REQUIREMENT>
Repeat the following entries verbatim, apart from the pictures.

RECORDS>
=== Section Start ===
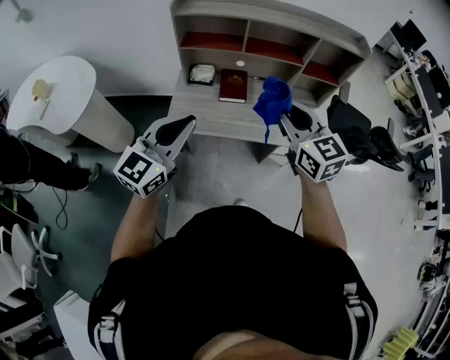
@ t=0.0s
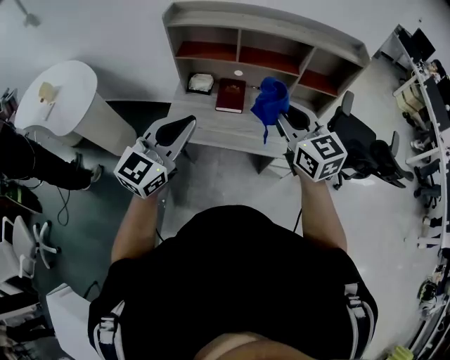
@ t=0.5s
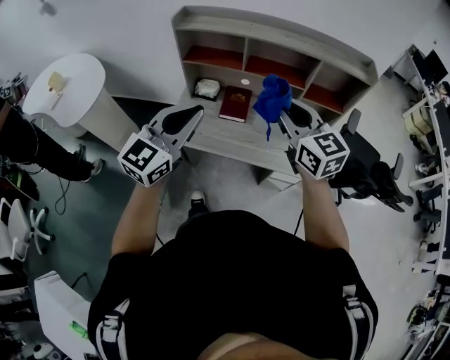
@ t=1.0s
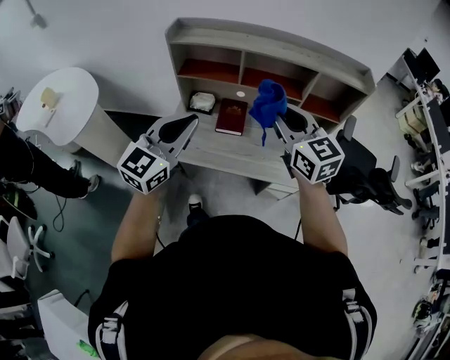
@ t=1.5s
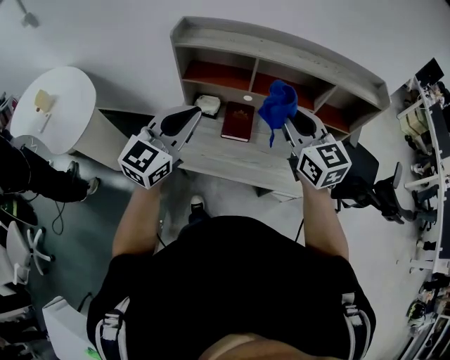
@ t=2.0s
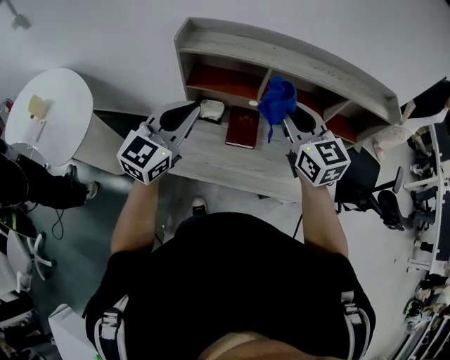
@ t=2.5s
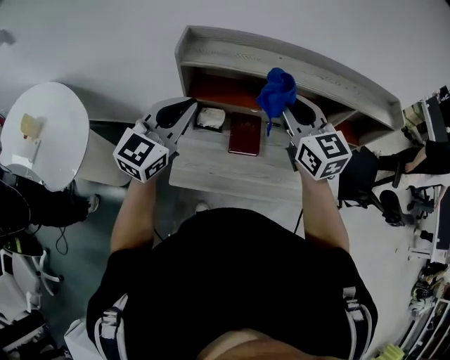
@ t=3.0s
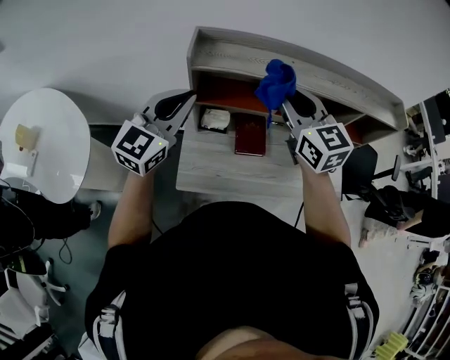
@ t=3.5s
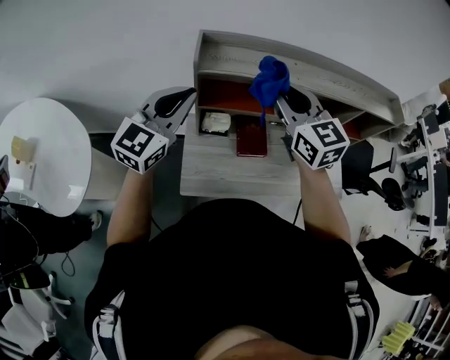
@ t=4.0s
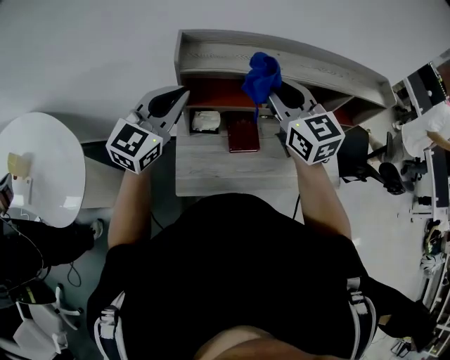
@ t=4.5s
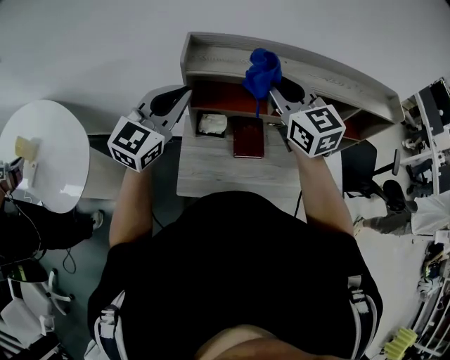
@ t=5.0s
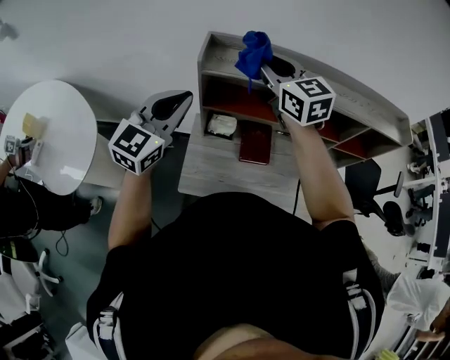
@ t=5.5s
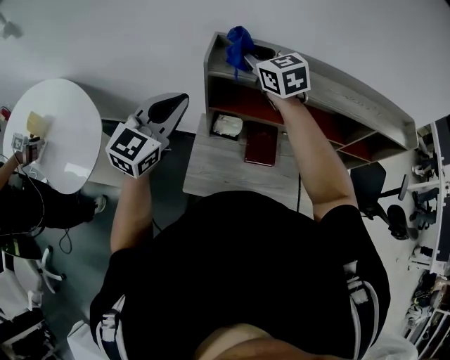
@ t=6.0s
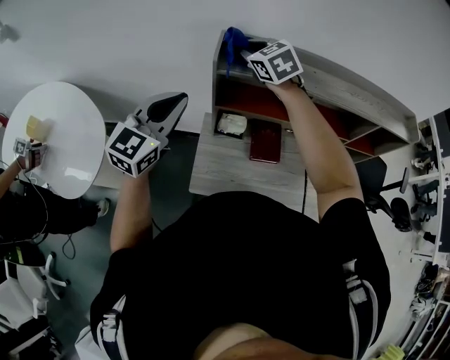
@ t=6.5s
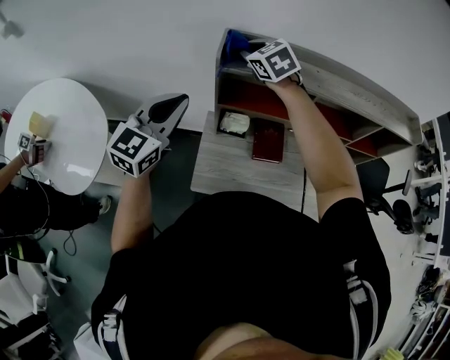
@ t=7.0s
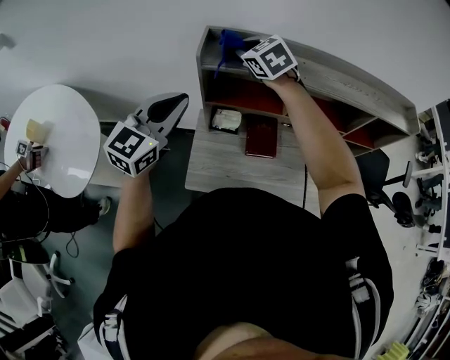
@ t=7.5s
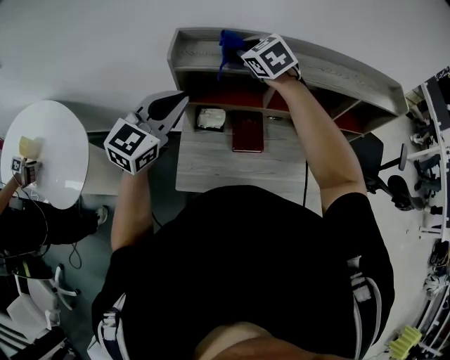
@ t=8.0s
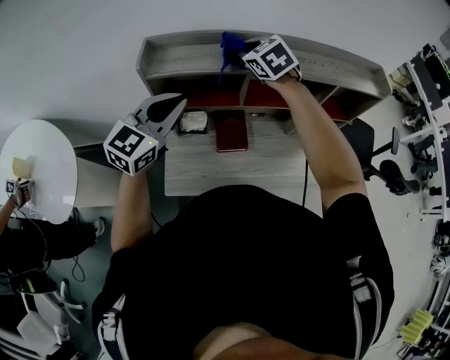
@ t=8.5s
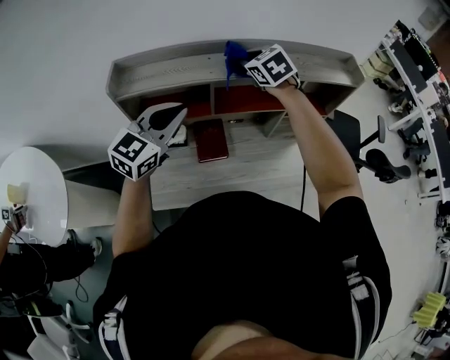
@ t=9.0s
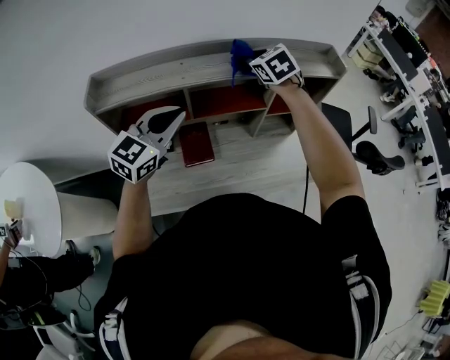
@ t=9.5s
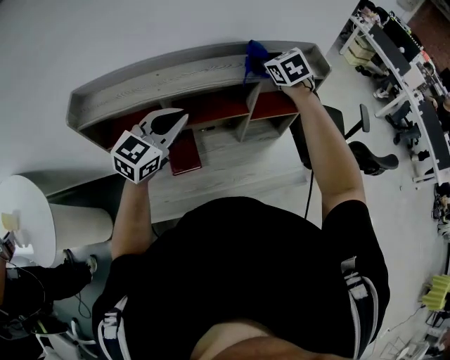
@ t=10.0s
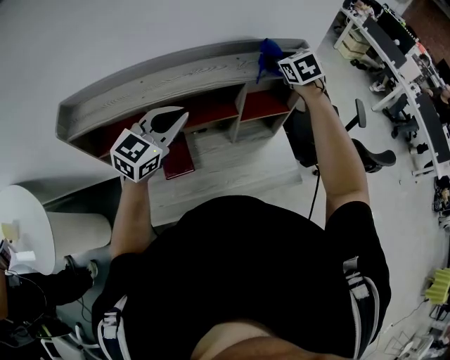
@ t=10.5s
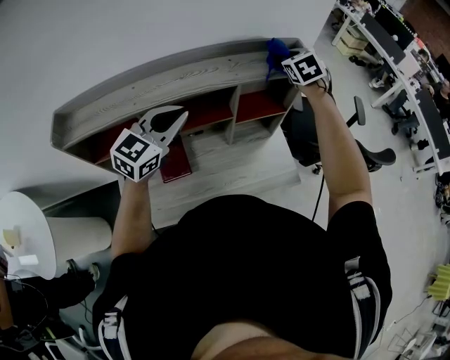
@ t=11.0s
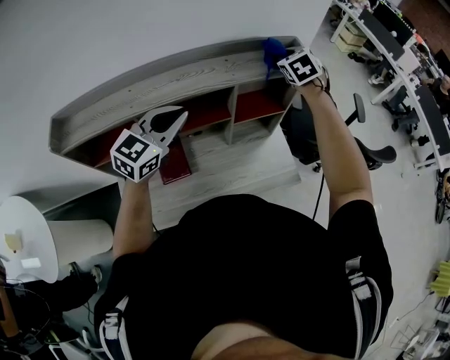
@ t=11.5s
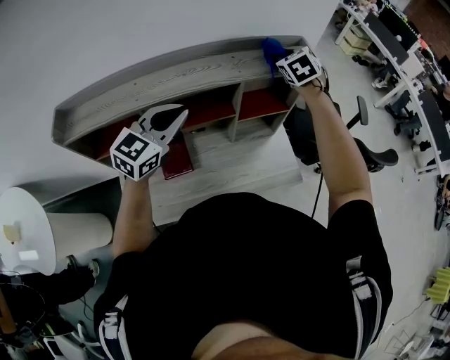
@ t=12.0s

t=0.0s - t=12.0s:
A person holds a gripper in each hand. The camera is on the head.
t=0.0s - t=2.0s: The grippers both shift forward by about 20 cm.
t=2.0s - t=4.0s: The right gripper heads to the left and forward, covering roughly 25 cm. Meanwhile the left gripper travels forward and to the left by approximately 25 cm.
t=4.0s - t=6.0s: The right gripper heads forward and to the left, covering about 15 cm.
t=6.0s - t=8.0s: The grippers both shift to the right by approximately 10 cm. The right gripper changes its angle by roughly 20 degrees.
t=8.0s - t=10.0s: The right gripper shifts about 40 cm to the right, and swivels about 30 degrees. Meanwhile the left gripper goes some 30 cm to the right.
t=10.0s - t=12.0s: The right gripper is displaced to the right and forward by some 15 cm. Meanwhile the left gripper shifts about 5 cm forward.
=== Section End ===
EXERCISE ANSWER>
@ t=0.0s
@ t=0.5s
@ t=1.0s
@ t=1.5s
@ t=2.0s
@ t=2.5s
@ t=3.0s
@ t=3.5s
@ t=4.0s
@ t=4.5s
@ t=5.0s
@ t=5.5s
@ t=6.0s
@ t=6.5s
@ t=7.0s
@ t=7.5s
@ t=8.0s
@ t=8.5s
@ t=9.0s
@ t=9.5s
@ t=10.0s
@ t=10.5s
@ t=11.0s
@ t=11.5s
@ t=12.0s

t=0.0s - t=12.0s:
A person holds a gripper in each hand. The camera is on the head.
t=0.0s - t=2.0s: The grippers both shift forward by about 20 cm.
t=2.0s - t=4.0s: The right gripper heads to the left and forward, covering roughly 25 cm. Meanwhile the left gripper travels forward and to the left by approximately 25 cm.
t=4.0s - t=6.0s: The right gripper heads forward and to the left, covering about 15 cm.
t=6.0s - t=8.0s: The grippers both shift to the right by approximately 10 cm. The right gripper changes its angle by roughly 20 degrees.
t=8.0s - t=10.0s: The right gripper shifts about 40 cm to the right, and swivels about 30 degrees. Meanwhile the left gripper goes some 30 cm to the right.
t=10.0s - t=12.0s: The right gripper is displaced to the right and forward by some 15 cm. Meanwhile the left gripper shifts about 5 cm forward.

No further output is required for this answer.